Nell’ambito della rassegna digitale Portiamo il teatro a casa tua, ideata e creata da Mariagrazia Innecco, vi presentiamo la nostra recensione dello spettacolo La chimica invisibile, da un’idea di Mariasole Bannò, scritto da Andrea Albertini. La regia è curata da Bruno Frusca.

Le attrici che interpretano i sei ritratti di scienziate sono Martina Ajmone Marsan nella parte di Ada Lovelace Byron, Mariasole Bannò in quella di Hedy Lamarr, Elisabetta Orlandi ne ruolo di Marie Curie, Francesca Piatti nella parte di Rosalind Franklin, Rosanna Pedrinelli in quella di Mileva Marič, e Beatrice Erba nei panni di Sof’ja Kovalevskaya.

Che cosa succede quando si va al di là della particella più piccola, quando si ha il coraggio di togliere le ultime vestigia di materialità all’atomo di Democrito? Accade quello che è meravigliosamente espresso nel titolo di questo lavoro, si trova la chimica invisibile. Si scopre, in questa dimensione nascosta, qualcosa che traguarda fatalmente nella dimensione metafisica, si ha la percezione dell’anima. E l’anima si declina al femminile, è la forma trascendentale, di kantiana memoria, con cui si fa esperienza del mondo. Ecco dunque sei ritratti di donne scienziate, in grado di trovare pascalianamente le ragioni del cuore, che la ragione non conosce. E dove sta scritto che le formule matematiche, fisiche, chimiche debbano necessariamente essere aride, scheletriche sistematizzazioni dei fenomeni della realtà?

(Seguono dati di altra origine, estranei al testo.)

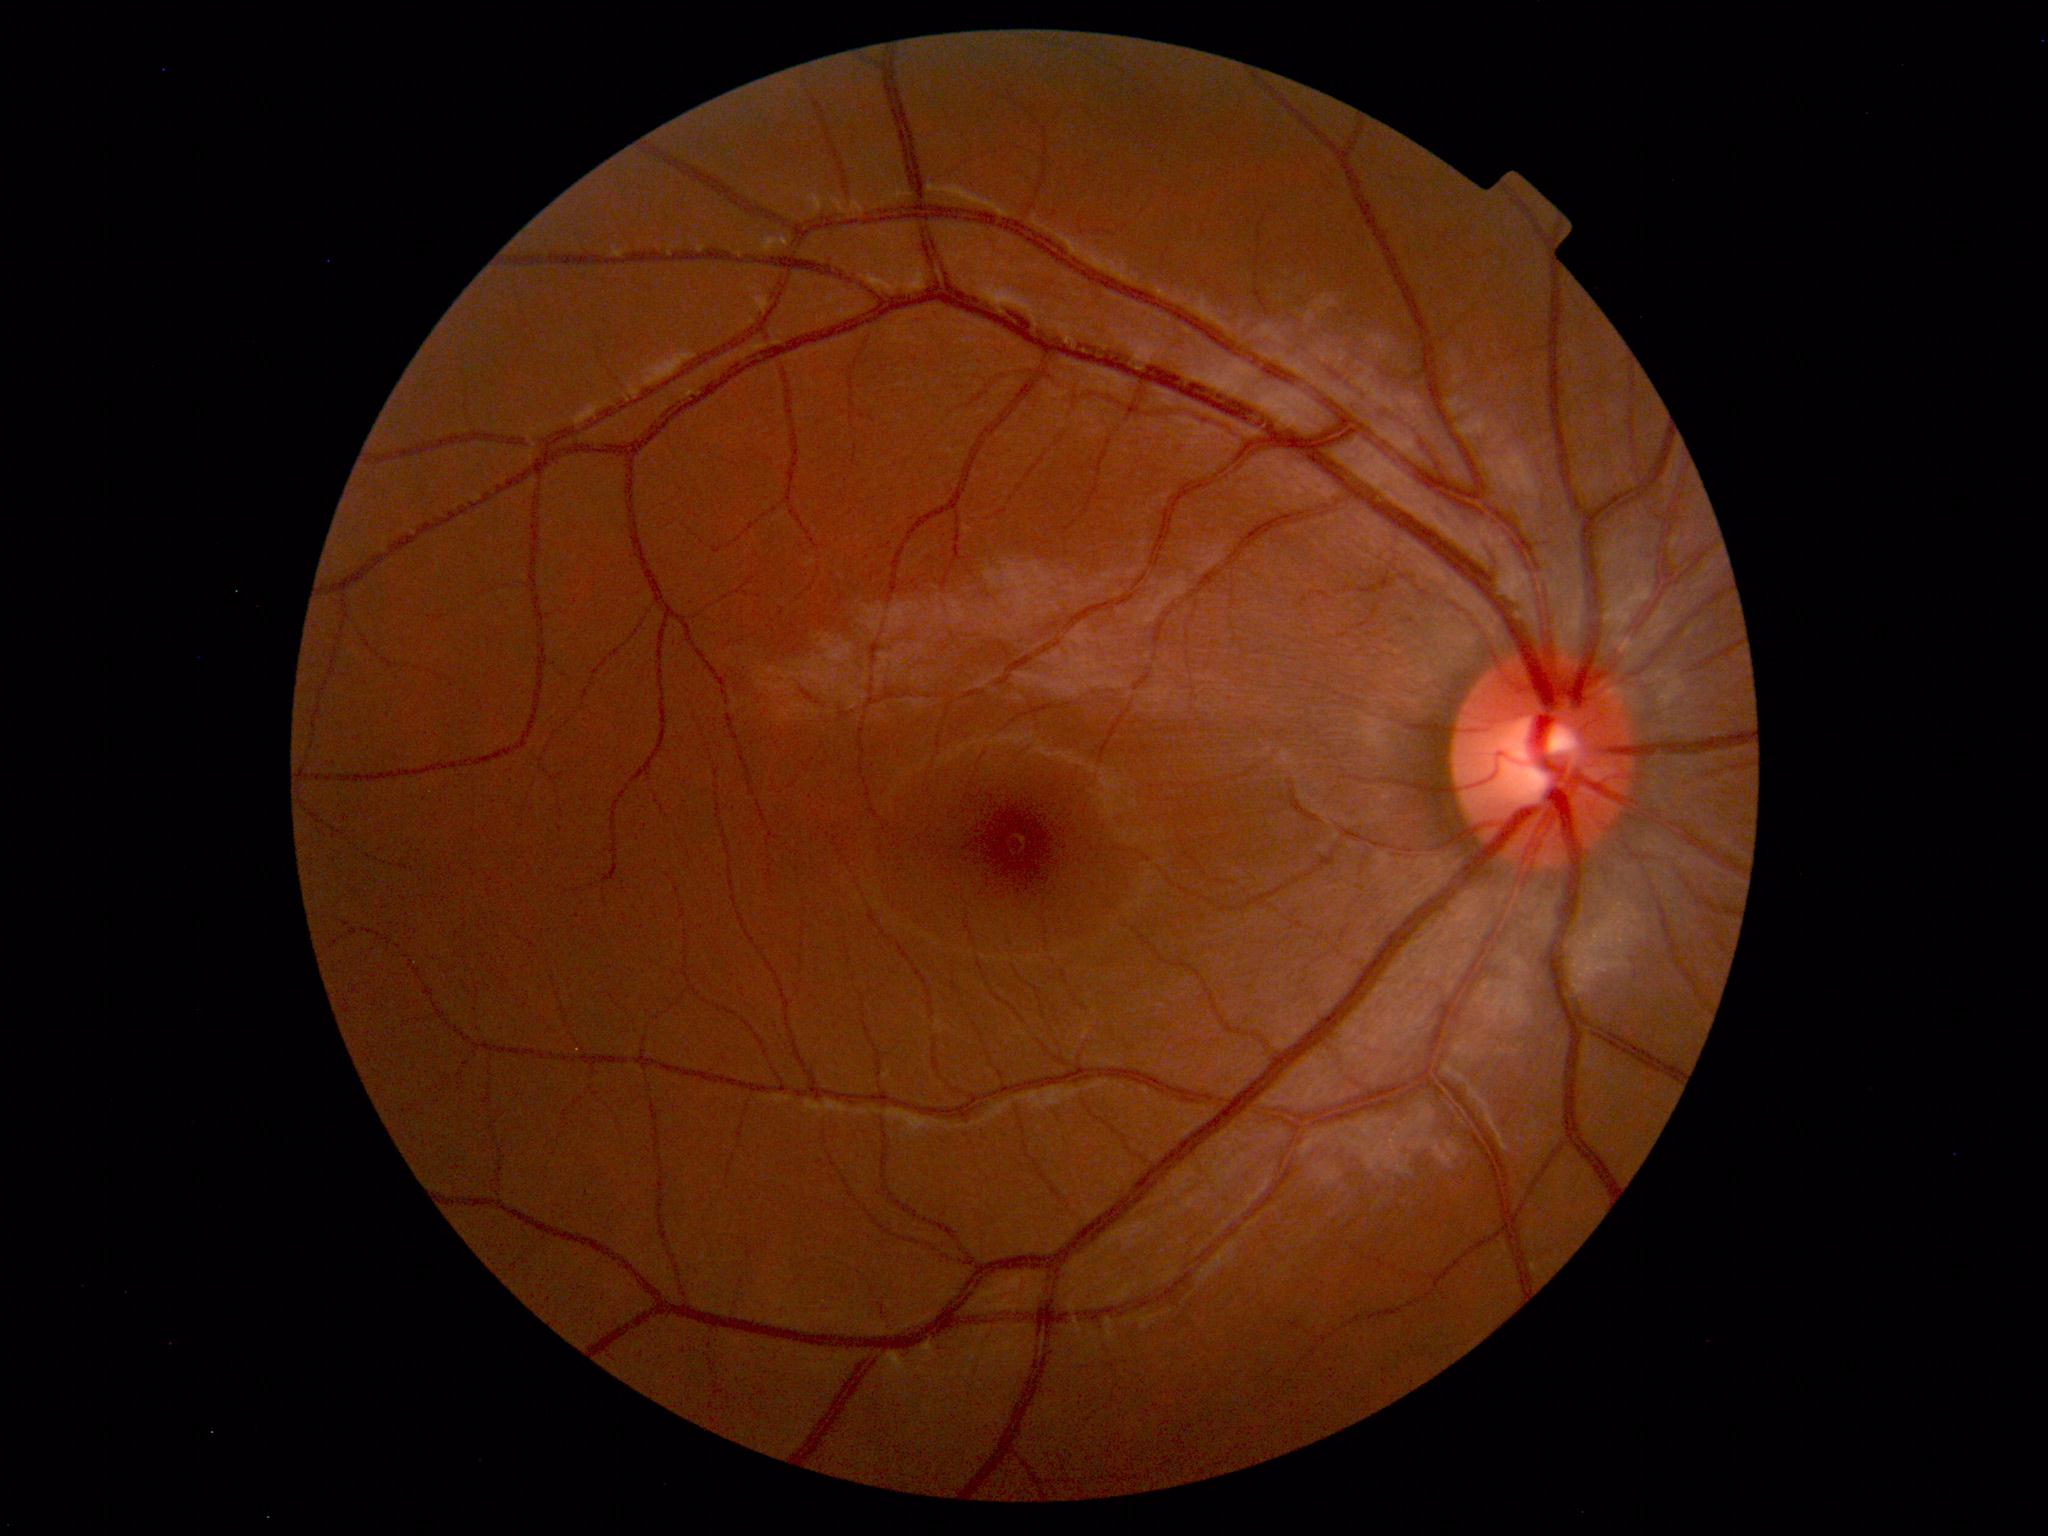
Normal retinal fundus image with no abnormalities identified.

Questo lavoro ci fa scoprire un’incredibile affinità elettiva tra la poesia e la scienza, entrambe cercano l’universale, lo condensano proprio in quelle formule che abitano le lavagne.

E queste lavagne sono giustamente parte integrante della scenografia. Queste donne riescono a dimostrare a se stesse, ed a tutti gli spettatori, quanto si possa almeno sforzarsi di trovare la quadra fra ragione e sentimento, di disegnare una vinciana donna vitruviana, nelle cui proporzioni del cuore possano convivere il cerchio di Dioniso ed il quadrato apollineo. E nella loro umidità cardiaca, tra le caverne emotive dei ventricoli, trovano rifugio i loro lavori scientifici. La biografia che vivono è inscindibilmente legata ai frutti del loro lavoro, la vita è il laboratorio nel quale l’anima fa esperienza di se stessa, e può alzare orgogliosamente il capo verso il cielo, verso il mondo delle conoscenze superiori, proprio come fa l’Epicuro di Lucrezio. Si parte con Ada Lovelace Byron, nella quale il sentimento poetico è già iscritto nel codice genetico, visto che è la figlia, mai riconosciuta, di Lord Byron.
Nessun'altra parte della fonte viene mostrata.